(Stored records)
::::

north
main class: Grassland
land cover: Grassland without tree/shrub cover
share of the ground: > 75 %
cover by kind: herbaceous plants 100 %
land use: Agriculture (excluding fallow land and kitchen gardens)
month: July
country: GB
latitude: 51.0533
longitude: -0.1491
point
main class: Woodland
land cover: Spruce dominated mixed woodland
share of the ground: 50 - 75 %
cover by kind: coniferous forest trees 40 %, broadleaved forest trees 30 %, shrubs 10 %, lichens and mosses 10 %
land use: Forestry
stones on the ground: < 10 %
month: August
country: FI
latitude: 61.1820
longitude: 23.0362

::::

▸ **EXERCISE PROMPT**:
Return only what runs from the line containing "latitude: 51.0533" to the last line of the records above, both ends included, exactly as written.

▸ **FINAL ANSWER**:
latitude: 51.0533
longitude: -0.1491
point
main class: Woodland
land cover: Spruce dominated mixed woodland
share of the ground: 50 - 75 %
cover by kind: coniferous forest trees 40 %, broadleaved forest trees 30 %, shrubs 10 %, lichens and mosses 10 %
land use: Forestry
stones on the ground: < 10 %
month: August
country: FI
latitude: 61.1820
longitude: 23.0362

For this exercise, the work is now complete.